Science Puzzle
Can You Spot the Bad Experiment?
A student wants to prove her new fertiliser makes plants grow. She puts fertiliser in Pot A, stands it on a sunny windowsill and waters it daily. Pot B gets no fertiliser, sits in a dark cupboard, and is watered once a week.
After a month, Pot A is thriving and Pot B is a wilted stick. She concludes the fertiliser works. What is wrong with her experiment?
The Answer
Her experiment cannot tell her anything about the fertiliser, because she changed three things at once: fertiliser, light and water. Pot A grew, but it may have grown because of the sunlight, or the extra watering, or the fertiliser, or any combination of the three. There is no way to separate them.

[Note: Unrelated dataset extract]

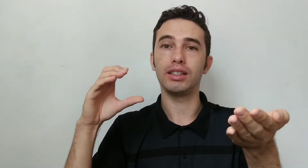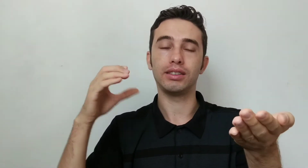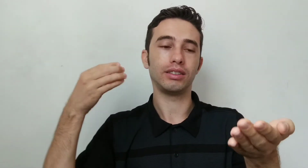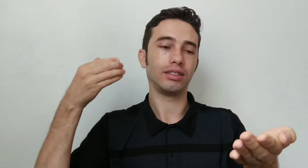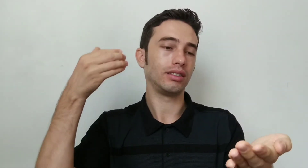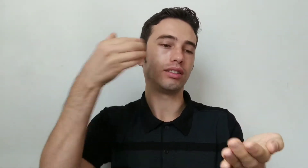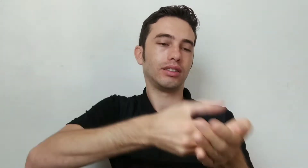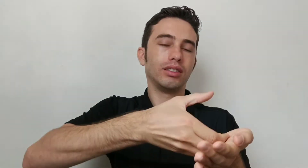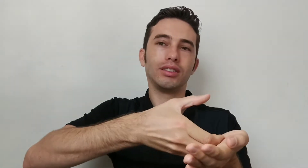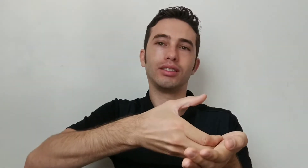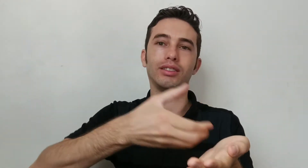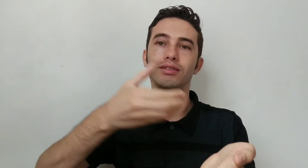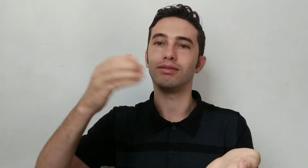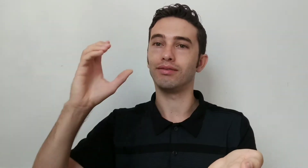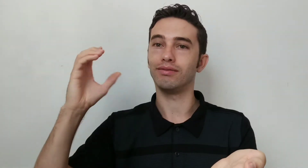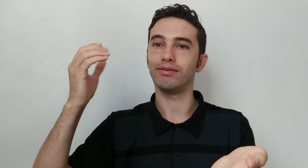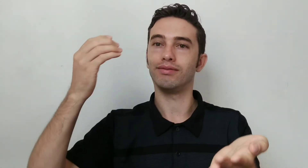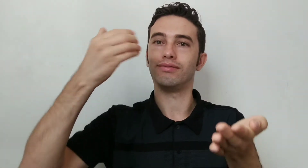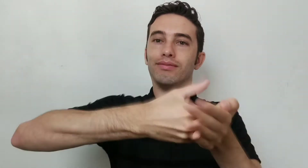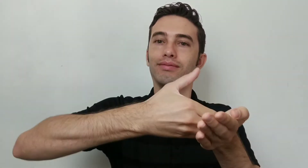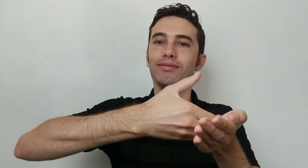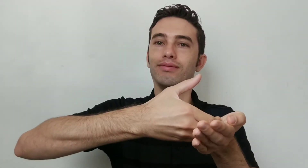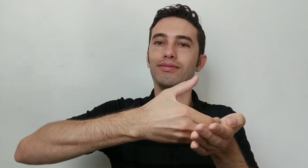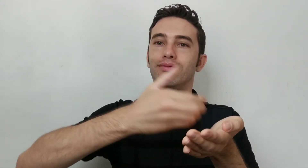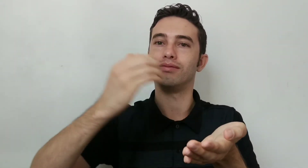aí faz pagamento com esse dinheiro.
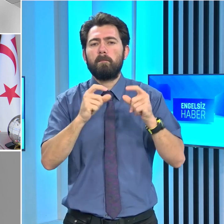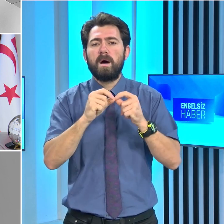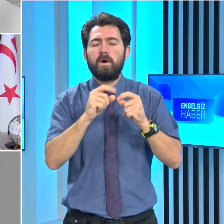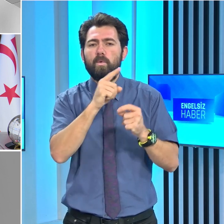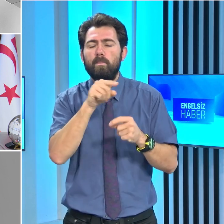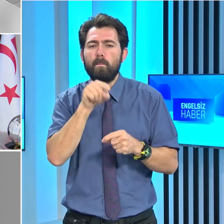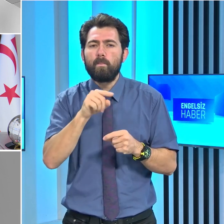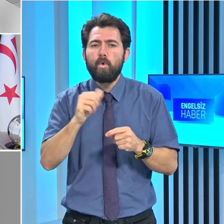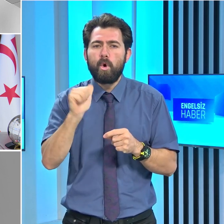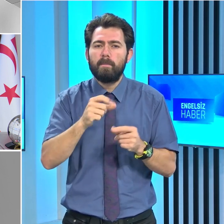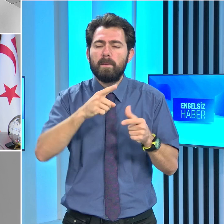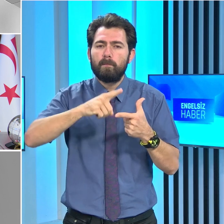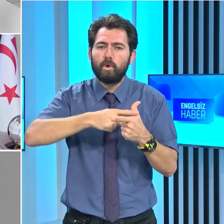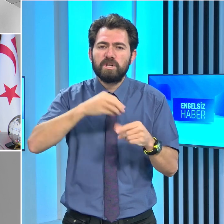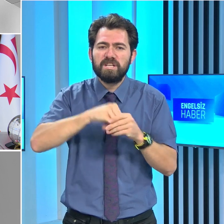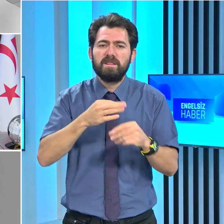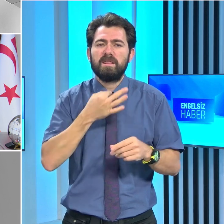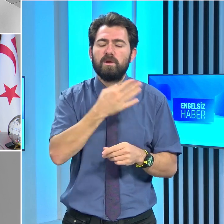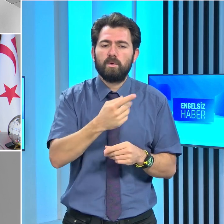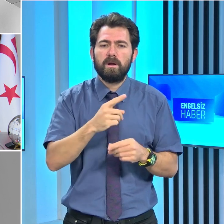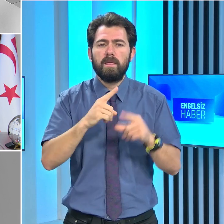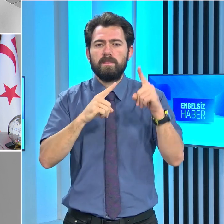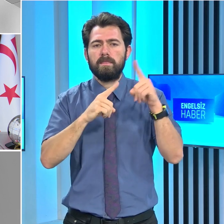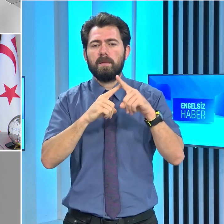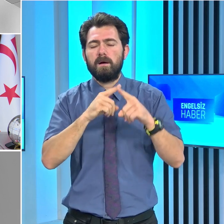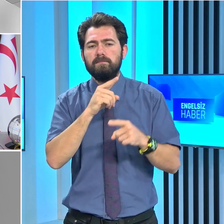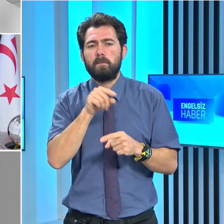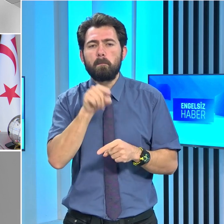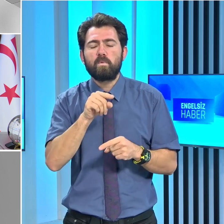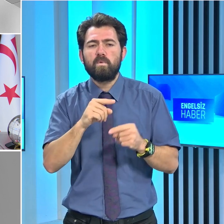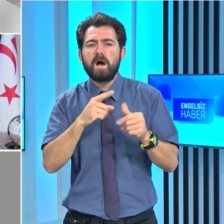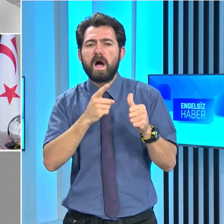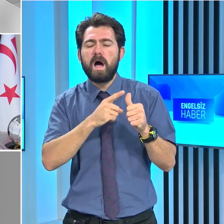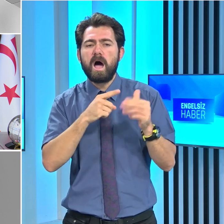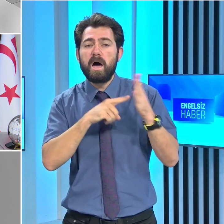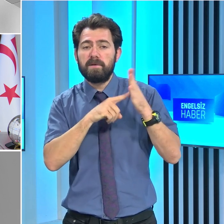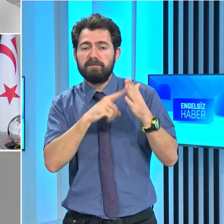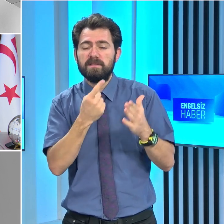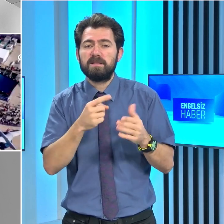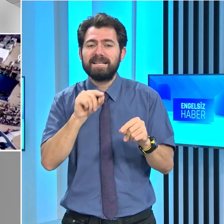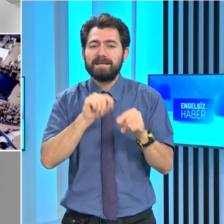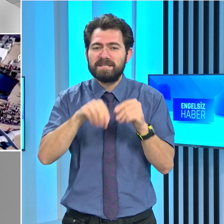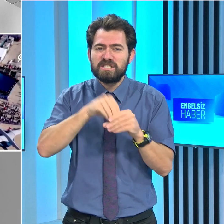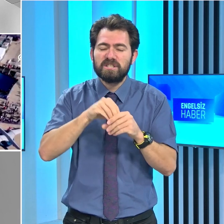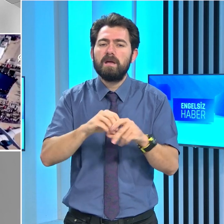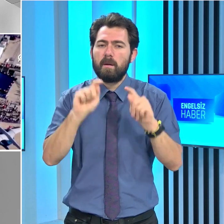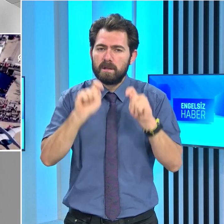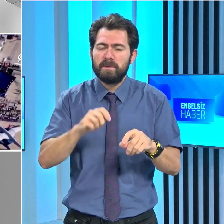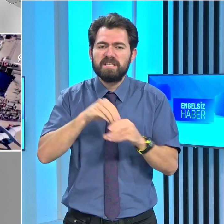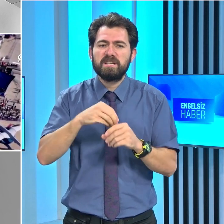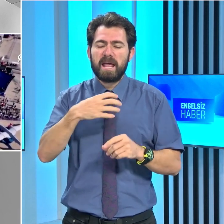gelişim için teşekkür eden Cumhurbaşkanı Tatar, bu vizyonun ülkemizde de sergilenmesi için

A fair test changes exactly one thing, the independent variable, and holds every other condition identical. Both pots should have the same soil, the same amount of sunlight, the same watering schedule on the same days, the same size pot, the same species of plant grown from the same batch of seed. The only difference permitted is the fertiliser. Then, and only then, does a difference in growth point at the fertiliser.
Adding more pots would not save her, because every pot would still have three differences. Repeating a flawed experiment simply gives you a flawed result more precisely. Design first, then repeat.
The principle: Controlled variables. In a fair test, only the independent variable changes, so any observed effect can be attributed to it and nothing else.